PROBLEM
Every line that contains "VECTOR" must be located and copied from the data.

[Data excerpts]
════════════════════
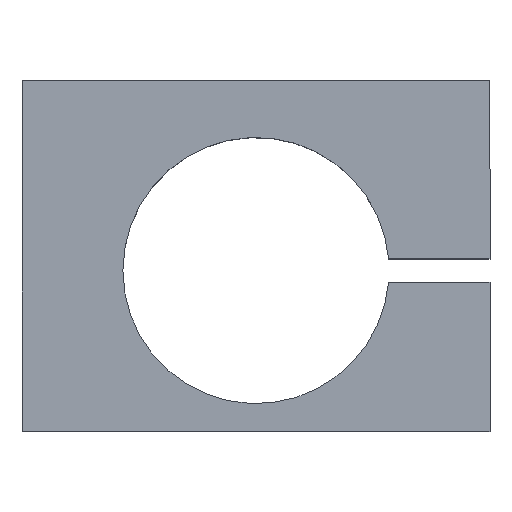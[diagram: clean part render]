
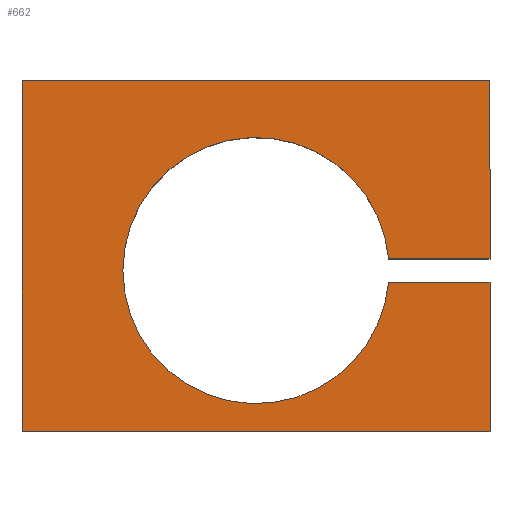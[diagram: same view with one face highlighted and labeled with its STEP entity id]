
A CAD part, top view. The second image highlights one B-rep face of the part: STEP entity #662.
In plain terms, the highlighted planar face has unit normal (0, 0, 1).
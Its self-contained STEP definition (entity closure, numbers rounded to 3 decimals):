
#5 = EDGE_CURVE ( 'NONE', #764, #141, #235, .T. ) ;
#41 = CARTESIAN_POINT ( 'NONE',  ( 22.662, -2., 20. ) ) ;
#48 = CARTESIAN_POINT ( 'NONE',  ( 22.662, -2., 20. ) ) ;
#53 = LINE ( 'NONE', #237, #691 ) ;
#57 = CARTESIAN_POINT ( 'NONE',  ( 0., 0., 20. ) ) ;
#85 = VECTOR ( 'NONE', #424, 1000. ) ;
#87 = CARTESIAN_POINT ( 'NONE',  ( 40., -27.5, 20. ) ) ;
#88 = CARTESIAN_POINT ( 'NONE',  ( 40., -2., 20. ) ) ;
#95 = ORIENTED_EDGE ( 'NONE', *, *, #391, .T. ) ;
#97 = VERTEX_POINT ( 'NONE', #573 ) ;
#104 = CARTESIAN_POINT ( 'NONE',  ( -40., 32.5, 20. ) ) ;
#109 = CARTESIAN_POINT ( 'NONE',  ( 0., 0., 20. ) ) ;
#112 = DIRECTION ( 'NONE',  ( 1., 0., 0. ) ) ;
#124 = VECTOR ( 'NONE', #347, 1000. ) ;
#129 = DIRECTION ( 'NONE',  ( 0., 0., -1. ) ) ;
#141 = VERTEX_POINT ( 'NONE', #702 ) ;
#163 = VERTEX_POINT ( 'NONE', #87 ) ;
#170 = DIRECTION ( 'NONE',  ( 0., 0., 1. ) ) ;
#176 = EDGE_CURVE ( 'NONE', #163, #694, #633, .T. ) ;
#182 = ORIENTED_EDGE ( 'NONE', *, *, #631, .T. ) ;
#190 = VECTOR ( 'NONE', #306, 1000. ) ;
#195 = CARTESIAN_POINT ( 'NONE',  ( 0., 0., 20. ) ) ;
#201 = FACE_OUTER_BOUND ( 'NONE', #523, .T. ) ;
#220 = DIRECTION ( 'NONE',  ( -1., 0., 0. ) ) ;
#235 = CIRCLE ( 'NONE', #770, 22.75 ) ;
#237 = CARTESIAN_POINT ( 'NONE',  ( 22.662, 2., 20. ) ) ;
#238 = CARTESIAN_POINT ( 'NONE',  ( 40., -2., 20. ) ) ;
#242 = CARTESIAN_POINT ( 'NONE',  ( -40., 32.5, 20. ) ) ;
#281 = CIRCLE ( 'NONE', #505, 22.75 ) ;
#306 = DIRECTION ( 'NONE',  ( 0., 1., 0. ) ) ;
#307 = EDGE_CURVE ( 'NONE', #609, #97, #574, .T. ) ;
#316 = AXIS2_PLACEMENT_3D ( 'NONE', #109, #170, #602 ) ;
#342 = CARTESIAN_POINT ( 'NONE',  ( -40., 32.5, 20. ) ) ;
#347 = DIRECTION ( 'NONE',  ( -1., 0., 0. ) ) ;
#365 = VECTOR ( 'NONE', #536, 1000. ) ;
#368 = ORIENTED_EDGE ( 'NONE', *, *, #5, .T. ) ;
#379 = DIRECTION ( 'NONE',  ( 1., 0., 0. ) ) ;
#391 = EDGE_CURVE ( 'NONE', #705, #530, #533, .T. ) ;
#412 = ORIENTED_EDGE ( 'NONE', *, *, #601, .T. ) ;
#420 = DIRECTION ( 'NONE',  ( 1., 0., 0. ) ) ;
#424 = DIRECTION ( 'NONE',  ( 0., -1., 0. ) ) ;
#426 = CARTESIAN_POINT ( 'NONE',  ( 40., 32.5, 20. ) ) ;
#446 = ORIENTED_EDGE ( 'NONE', *, *, #176, .T. ) ;
#451 = DIRECTION ( 'NONE',  ( 0., 1., 0. ) ) ;
#452 = LINE ( 'NONE', #342, #622 ) ;
#469 = ORIENTED_EDGE ( 'NONE', *, *, #646, .T. ) ;
#476 = EDGE_CURVE ( 'NONE', #141, #737, #281, .T. ) ;
#477 = CARTESIAN_POINT ( 'NONE',  ( -40., -27.5, 20. ) ) ;
#484 = DIRECTION ( 'NONE',  ( 0., 0., -1. ) ) ;
#495 = EDGE_CURVE ( 'NONE', #737, #705, #53, .T. ) ;
#505 = AXIS2_PLACEMENT_3D ( 'NONE', #57, #484, #112 ) ;
#523 = EDGE_LOOP ( 'NONE', ( #692, #469, #446, #182, #368, #673, #748, #95, #412 ) ) ;
#525 = CARTESIAN_POINT ( 'NONE',  ( 22.662, 2., 20. ) ) ;
#528 = LINE ( 'NONE', #477, #365 ) ;
#530 = VERTEX_POINT ( 'NONE', #426 ) ;
#533 = LINE ( 'NONE', #687, #190 ) ;
#536 = DIRECTION ( 'NONE',  ( 1., 0., 0. ) ) ;
#542 = PLANE ( 'NONE',  #316 ) ;
#573 = CARTESIAN_POINT ( 'NONE',  ( -40., -27.5, 20. ) ) ;
#574 = LINE ( 'NONE', #242, #85 ) ;
#595 = LINE ( 'NONE', #48, #124 ) ;
#601 = EDGE_CURVE ( 'NONE', #530, #609, #452, .T. ) ;
#602 = DIRECTION ( 'NONE',  ( 1., 0., 0. ) ) ;
#606 = CARTESIAN_POINT ( 'NONE',  ( 40., 2., 20. ) ) ;
#609 = VERTEX_POINT ( 'NONE', #104 ) ;
#622 = VECTOR ( 'NONE', #220, 1000. ) ;
#631 = EDGE_CURVE ( 'NONE', #694, #764, #595, .T. ) ;
#633 = LINE ( 'NONE', #88, #651 ) ;
#646 = EDGE_CURVE ( 'NONE', #97, #163, #528, .T. ) ;
#651 = VECTOR ( 'NONE', #451, 1000. ) ;
#662 = ADVANCED_FACE ( 'NONE', ( #201 ), #542, .T. ) ;
#673 = ORIENTED_EDGE ( 'NONE', *, *, #476, .T. ) ;
#687 = CARTESIAN_POINT ( 'NONE',  ( 40., 32.5, 20. ) ) ;
#691 = VECTOR ( 'NONE', #420, 1000. ) ;
#692 = ORIENTED_EDGE ( 'NONE', *, *, #307, .T. ) ;
#694 = VERTEX_POINT ( 'NONE', #238 ) ;
#702 = CARTESIAN_POINT ( 'NONE',  ( -22.75, 0., 20. ) ) ;
#705 = VERTEX_POINT ( 'NONE', #606 ) ;
#737 = VERTEX_POINT ( 'NONE', #525 ) ;
#748 = ORIENTED_EDGE ( 'NONE', *, *, #495, .T. ) ;
#764 = VERTEX_POINT ( 'NONE', #41 ) ;
#770 = AXIS2_PLACEMENT_3D ( 'NONE', #195, #129, #379 ) ;
════════════════════
SOLUTION FOR THIS TASK
#85 = VECTOR ( 'NONE', #424, 1000. ) ;
#124 = VECTOR ( 'NONE', #347, 1000. ) ;
#190 = VECTOR ( 'NONE', #306, 1000. ) ;
#365 = VECTOR ( 'NONE', #536, 1000. ) ;
#622 = VECTOR ( 'NONE', #220, 1000. ) ;
#651 = VECTOR ( 'NONE', #451, 1000. ) ;
#691 = VECTOR ( 'NONE', #420, 1000. ) ;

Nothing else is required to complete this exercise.